> Exercise objective
Return the whole listing exactly, omitting the pictures.

> Exercise data
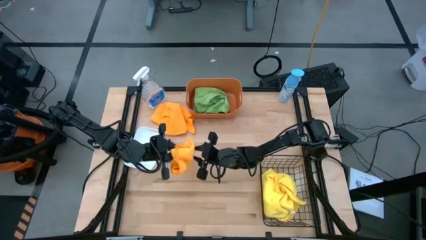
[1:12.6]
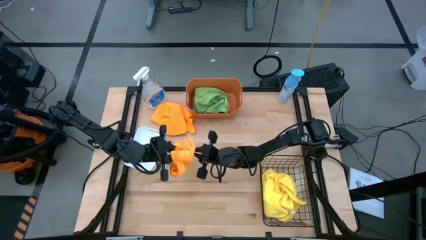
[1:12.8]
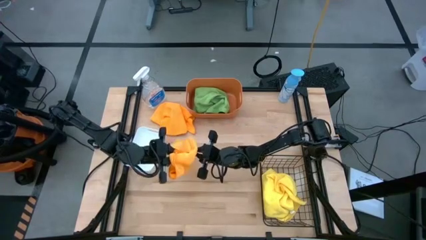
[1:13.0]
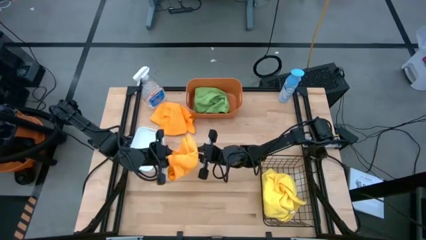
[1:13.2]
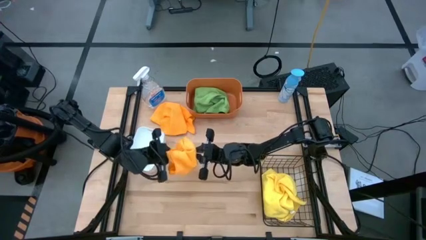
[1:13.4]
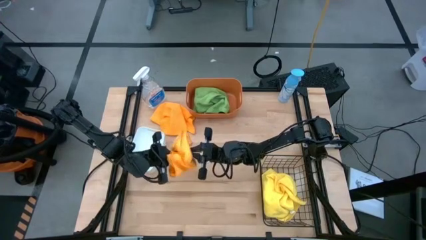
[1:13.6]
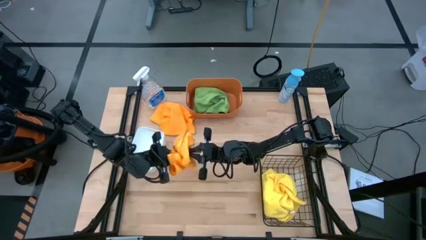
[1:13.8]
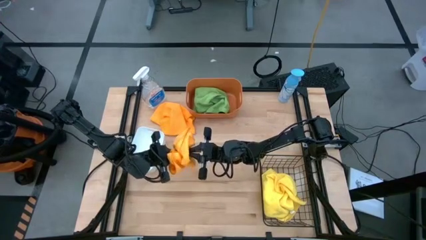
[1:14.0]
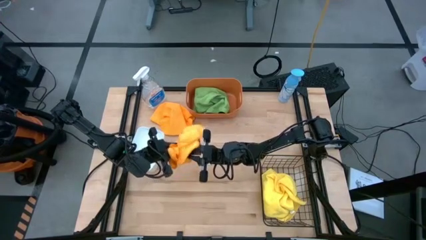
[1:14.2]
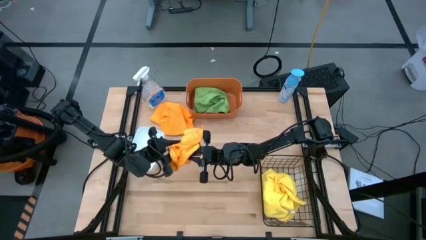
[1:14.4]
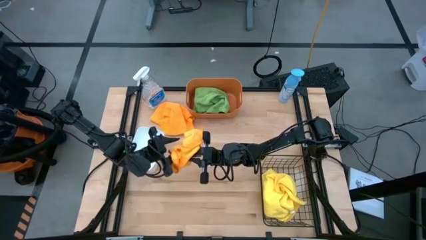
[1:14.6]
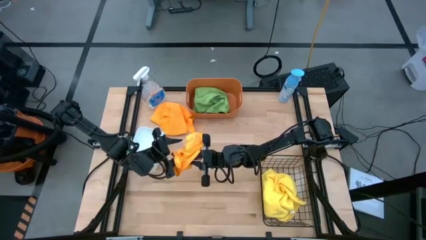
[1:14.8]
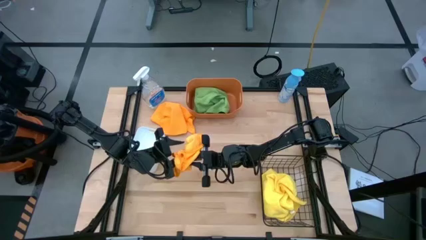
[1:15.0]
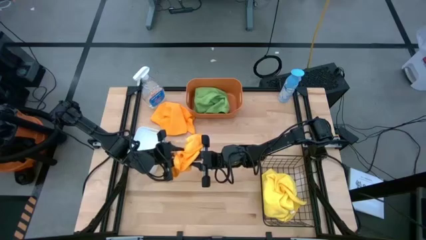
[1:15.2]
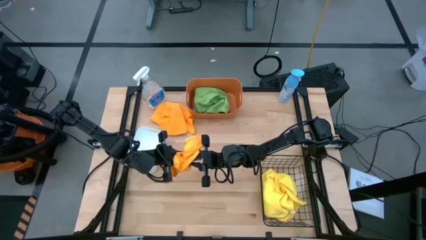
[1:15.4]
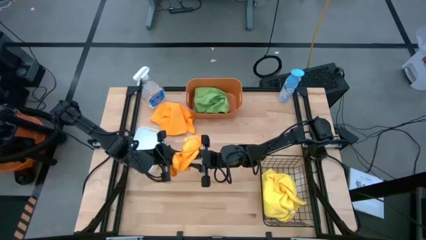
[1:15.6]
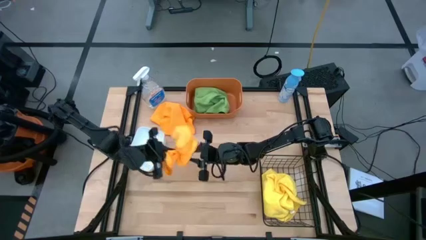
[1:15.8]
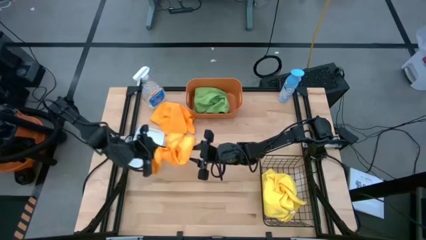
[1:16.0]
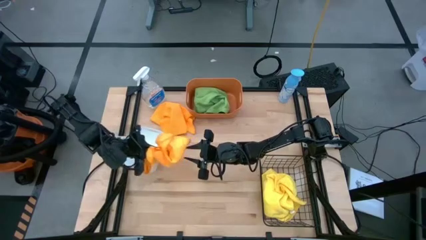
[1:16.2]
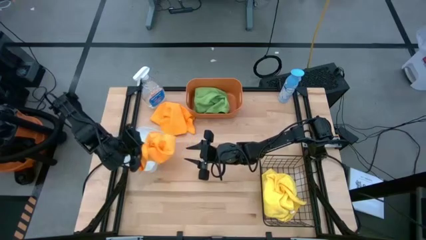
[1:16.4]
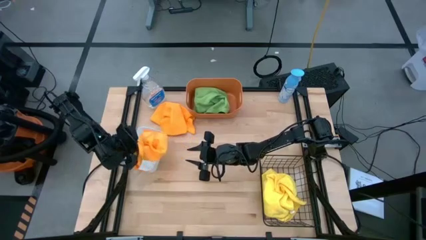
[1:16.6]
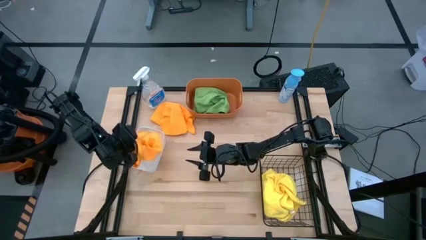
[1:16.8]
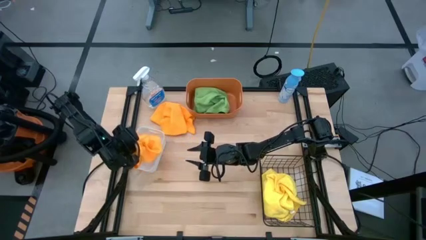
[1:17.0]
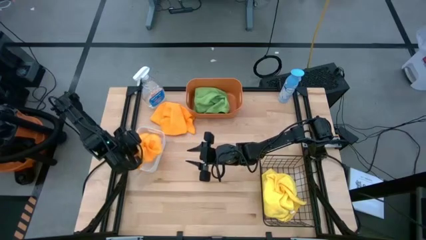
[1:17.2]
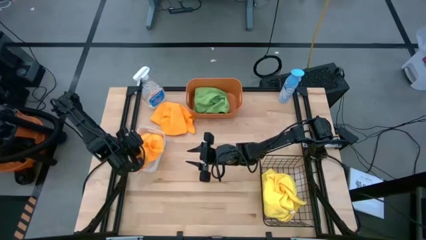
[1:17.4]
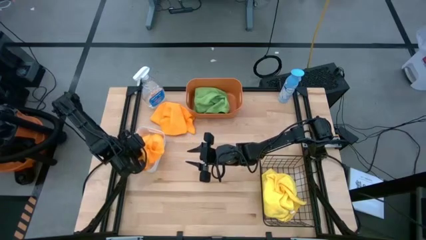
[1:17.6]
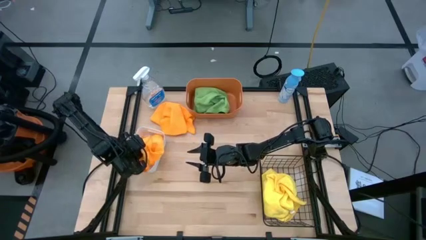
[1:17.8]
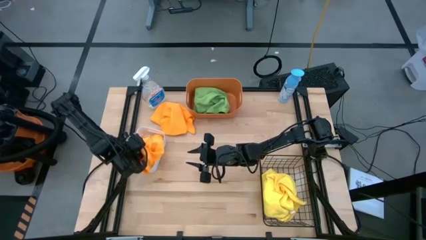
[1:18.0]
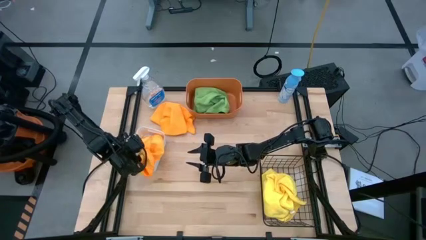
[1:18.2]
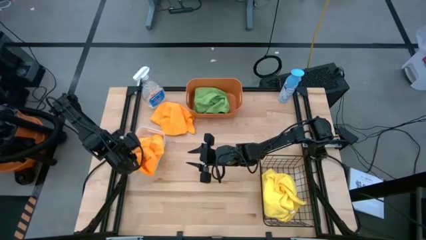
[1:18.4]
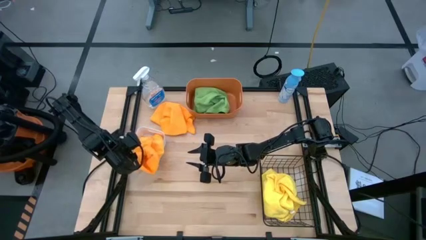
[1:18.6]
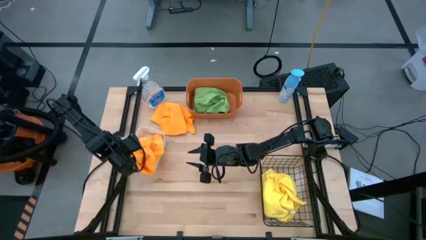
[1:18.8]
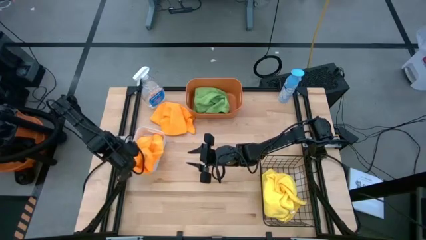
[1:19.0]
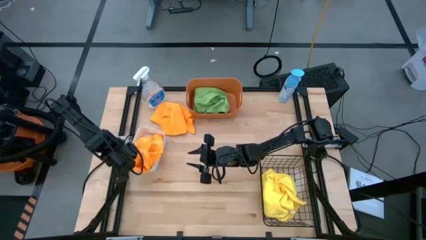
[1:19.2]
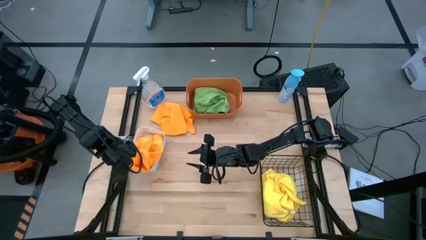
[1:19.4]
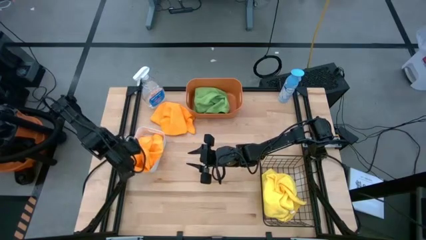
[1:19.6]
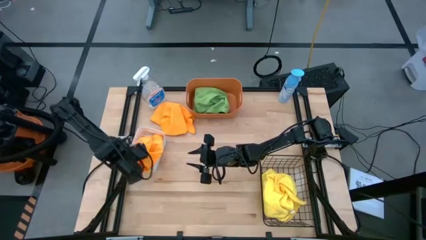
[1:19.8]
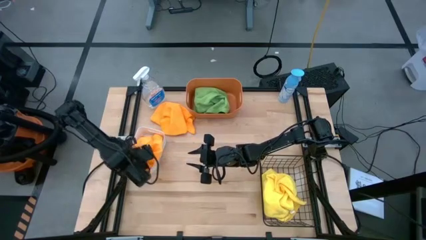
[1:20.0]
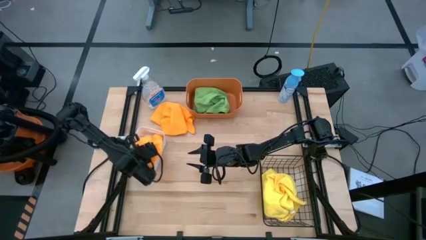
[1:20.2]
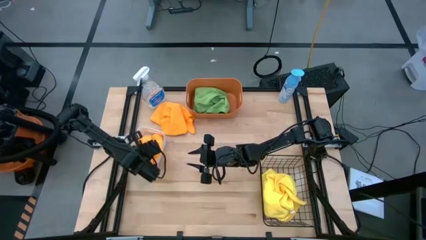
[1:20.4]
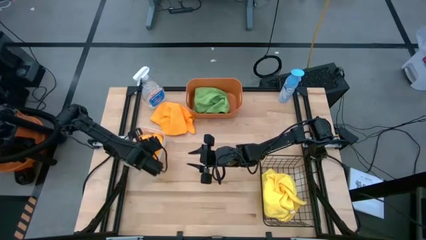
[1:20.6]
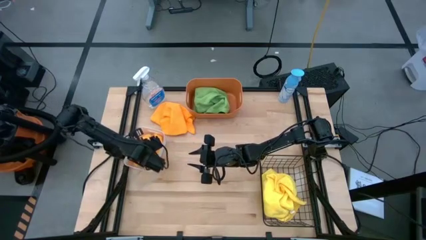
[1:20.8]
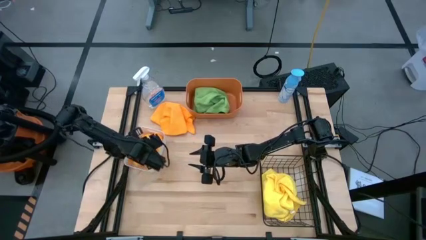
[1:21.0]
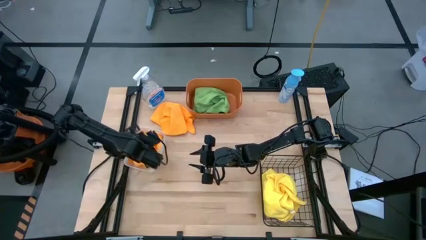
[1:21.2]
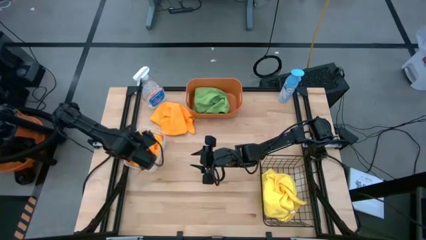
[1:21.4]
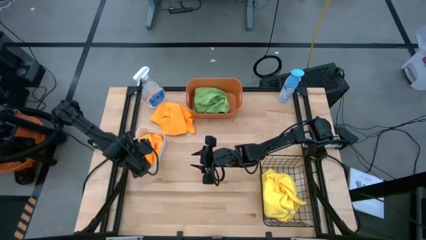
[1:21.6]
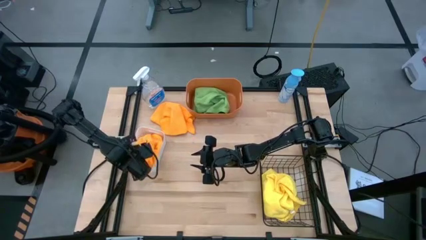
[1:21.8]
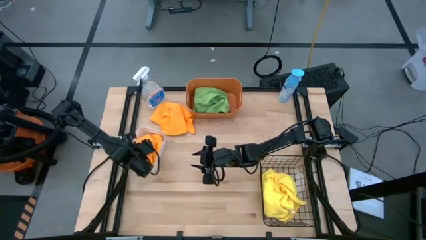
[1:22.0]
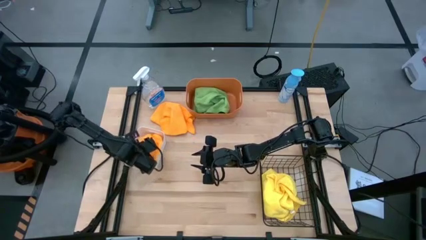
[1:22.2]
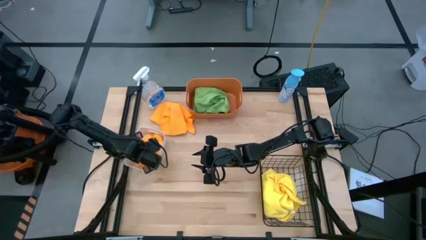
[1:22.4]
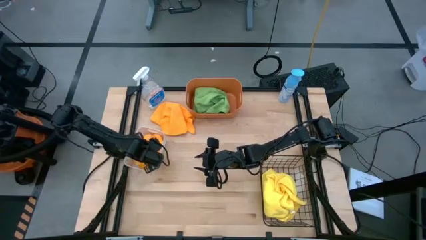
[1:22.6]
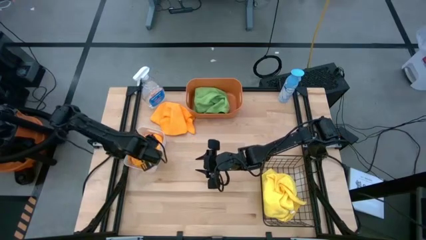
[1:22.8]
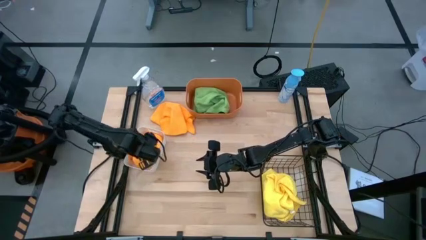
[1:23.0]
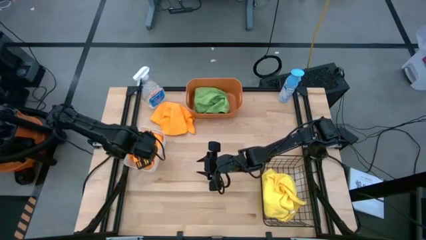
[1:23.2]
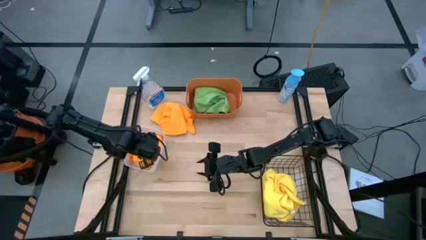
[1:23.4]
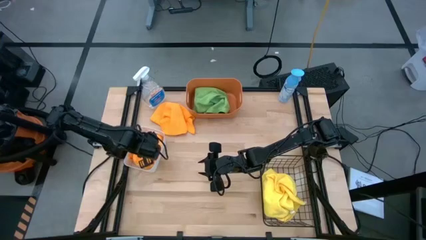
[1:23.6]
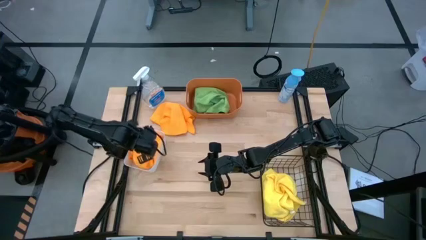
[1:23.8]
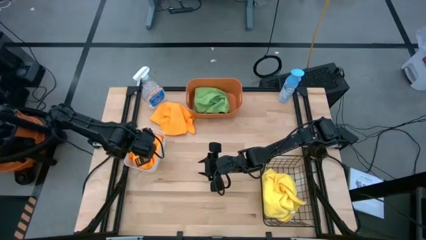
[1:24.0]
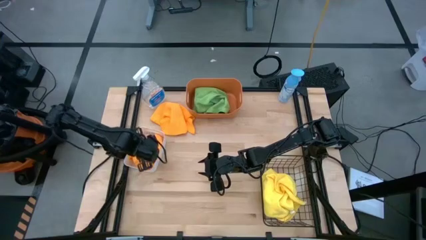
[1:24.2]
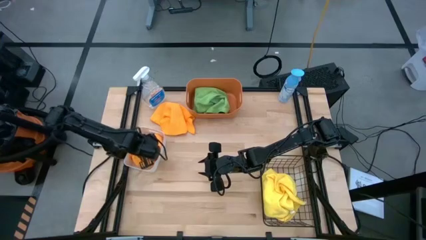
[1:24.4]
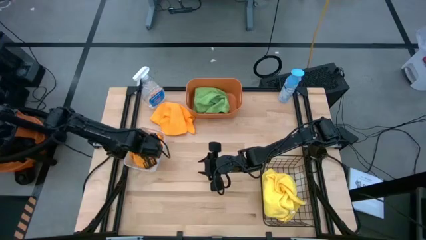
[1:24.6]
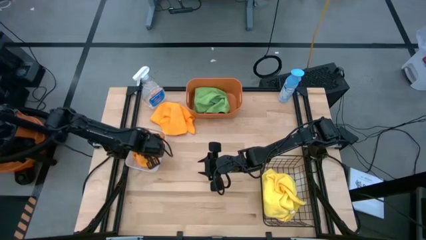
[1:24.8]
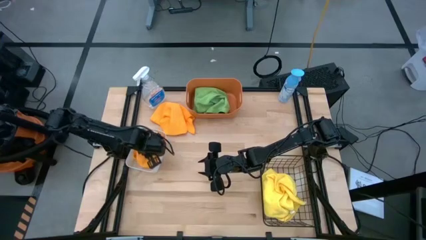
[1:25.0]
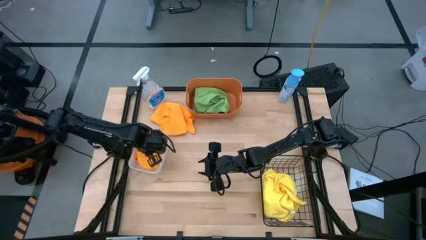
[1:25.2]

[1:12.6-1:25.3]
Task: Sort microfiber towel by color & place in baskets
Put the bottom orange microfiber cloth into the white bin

> Task solution
[1:12.6]
[1:12.8]
[1:13.0]
[1:13.2]
[1:13.4]
[1:13.6]
[1:13.8]
[1:14.0]
[1:14.2]
[1:14.4]
[1:14.6]
[1:14.8]
[1:15.0]
[1:15.2]
[1:15.4]
[1:15.6]
[1:15.8]
[1:16.0]
[1:16.2]
[1:16.4]
[1:16.6]
[1:16.8]
[1:17.0]
[1:17.2]
[1:17.4]
[1:17.6]
[1:17.8]
[1:18.0]
[1:18.2]
[1:18.4]
[1:18.6]
[1:18.8]
[1:19.0]
[1:19.2]
[1:19.4]
[1:19.6]
[1:19.8]
[1:20.0]
[1:20.2]
[1:20.4]
[1:20.6]
[1:20.8]
[1:21.0]
[1:21.2]
[1:21.4]
[1:21.6]
[1:21.8]
[1:22.0]
[1:22.2]
[1:22.4]
[1:22.6]
[1:22.8]
[1:23.0]
[1:23.2]
[1:23.4]
[1:23.6]
[1:23.8]
[1:24.0]
[1:24.2]
[1:24.4]
[1:24.6]
[1:24.8]
[1:25.0]
[1:25.2]

[1:12.6-1:25.3]
Task: Sort microfiber towel by color & place in baskets
Put the bottom orange microfiber cloth into the white bin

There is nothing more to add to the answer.